По-видимому, переломным моментом в отношениях башкир с монголами и признания первыми сюзеренитета над собою власти Угэдэя было появление в одной из походных ставок завоевателей летом все того же 1236 года вождя племени усерген Муйтэна. Нет ничего удивительного в том, что усергены, подвергавшиеся на протяжении долгих лет непрекращающемуся давлению со стороны монголов и потерявшие в бесконечной войне с ними многих своих батыров, были вынуждены в конце концов покориться, как, впрочем, и другие башкирские племена. Вокруг личности самого Муйтэна (а в том, что он действительно существовал, сомневаться не приходится) накопилось достаточно противоречивых эпических свидетельств, так что впору задуматься над отдельным исследованием о нем как о первом башкирском владетеле, но отнюдь не мифическом, а управлявшем своими родовыми землями, входившими в состав централизованного раннефеодального государства, коим являлась Монгольская империя. Тем не менее Муйтэн «легендарный» из статьи в статью, из книги в книгу кочует, хотя и с оговорками, но все-таки в качестве переговорщика, и не с кем-нибудь, а с самим Чингис-ханом. Нет смысла вдаваться в полемику по поводу того, кем в евразийских масштабах являлся Чингис-хан и кем был Муйтэн — «весовые категории» разные, однако привести выдержки, имеющиеся в башкирском эпосе и шежере, отображающие как будто имевшее место непосредственное их общение между собой, вполне уместно.
Шежере башкир племени усерген гласит:
«3. Прошли [времена] детей Адама, 4. Наступила эпоха Чингиз-хана. 5. Прадед башкирского народа, 6. Сын бия Ток-саба, 7. Муйтен его имя… 23. Пять пар верблюдов он нагрузил [подарками], 24. Ездил он к Чингиз-хану. 25. Хан оказал ему почести, 26. Посадил его рядом с собой. 27. Получил он похвалу от хана, 28. Визиром сделал его [хан] за жизнерадостность, 29. Во всем он угождал падишаху, 30. Украшал его окружение, 31. Оказывал ему много почестей и уважения, 32. Если [хан] говорил пой — [он] пел, 33. Если просил рассказывать — рассказывал, 34. Каждое желание [хана] он исполнял[87], 35. Вернувшись оттуда, Муйтен-бий, 36. В своей стране был бием» [5, с. 84–85].

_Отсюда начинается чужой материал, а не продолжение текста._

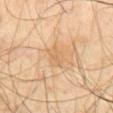Findings:
- follow-up · imaged on a skin check; not biopsied
- imaging modality · ~15 mm tile from a whole-body skin photo
- image-analysis metrics · a lesion area of about 5 mm², a shape eccentricity near 0.85, and a shape-asymmetry score of about 0.25 (0 = symmetric); border irregularity of about 3 on a 0–10 scale, a color-variation rating of about 2/10, and radial color variation of about 0.5
- diameter · ≈3.5 mm
- body site · the abdomen
- subject · male, aged around 55
- tile lighting · cross-polarized illumination
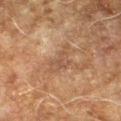{"biopsy_status": "not biopsied; imaged during a skin examination", "lighting": "cross-polarized", "site": "right forearm", "image": {"source": "total-body photography crop", "field_of_view_mm": 15}, "patient": {"sex": "male", "age_approx": 70}, "automated_metrics": {"eccentricity": 0.8, "shape_asymmetry": 0.55, "border_irregularity_0_10": 6.5, "color_variation_0_10": 1.5, "peripheral_color_asymmetry": 0.5, "nevus_likeness_0_100": 0, "lesion_detection_confidence_0_100": 70}}
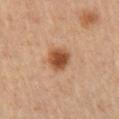Clinical impression: Captured during whole-body skin photography for melanoma surveillance; the lesion was not biopsied. Clinical summary: The lesion is located on the right upper arm. This is a cross-polarized tile. A female subject, in their mid- to late 40s. The lesion's longest dimension is about 3.5 mm. A region of skin cropped from a whole-body photographic capture, roughly 15 mm wide.
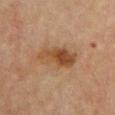Assessment:
Captured during whole-body skin photography for melanoma surveillance; the lesion was not biopsied.
Clinical summary:
A lesion tile, about 15 mm wide, cut from a 3D total-body photograph. The lesion is on the chest. The subject is a female aged 68–72.
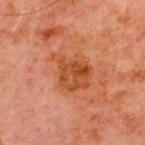Case summary:
- workup: no biopsy performed (imaged during a skin exam)
- image: 15 mm crop, total-body photography
- subject: male, in their 70s
- anatomic site: the chest
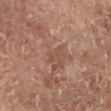<lesion>
  <biopsy_status>not biopsied; imaged during a skin examination</biopsy_status>
  <patient>
    <sex>male</sex>
    <age_approx>65</age_approx>
  </patient>
  <lighting>cross-polarized</lighting>
  <image>
    <source>total-body photography crop</source>
    <field_of_view_mm>15</field_of_view_mm>
  </image>
  <lesion_size>
    <long_diameter_mm_approx>2.5</long_diameter_mm_approx>
  </lesion_size>
  <site>leg</site>
</lesion>
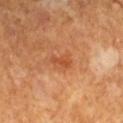Findings:
• workup — catalogued during a skin exam; not biopsied
• body site — the left lower leg
• subject — male, aged 58–62
• imaging modality — 15 mm crop, total-body photography
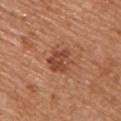Clinical summary: A male subject aged around 70. From the upper back. A 15 mm close-up extracted from a 3D total-body photography capture. Imaged with white-light lighting.
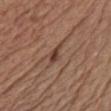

В свою очередь, отрывок из кубаира «Муйтэн» вторит вышеприведенному фрагменту шежере:
В реальности все было не так: с огромной долей вероятности можно утверждать, что Муйтэн-бий никогда не встречался с Чингис-ханом. Несмотря на то что еще во времена «сартаульской» кампании 1219–1223 годов Джучи и Чагатай совершали глубокие рейды в Дешт-и-Кипчак, в ходе которых не исключены были столкновения монголов с башкирами, говорить, что в результате этих рейдов усергены были хоть как-то подчинены воле великого каана, не приходится. Необходимо учитывать, что булгарские и башкирские сторожевые заставы и укрепленные пункты, расположенные на Яике, Сакмаре, Соке и представлявшие собой самый передний, пограничный рубеж их обороны, были сметены лишь в 1229–1232 годах. Вопрос: зачем Муйтэн-бию в начале 1220-х годов надо было ехать на поклон к Чингис-хану, коли в те времена монголы не без помощи башкир были отброшены от Волжской Булгарии, кипчаки искали покровительства и защиты у иштяков (читай, башкир), а земли собственно усерген находились под прикрытием сторожевых застав? Единственным местом, где гипотетически могла бы случиться встреча Чингис-хана с Муйтэном, следует считать местность Кулан-баши, где летом 1224 года состоялся курултай, но доказательств тому, даже косвенных, не существует.
87
Пункты из приведенного шежере за номерами 32–34 убедительно доказывают (хотя и в иносказательной форме) факт подчинения усерген монголами.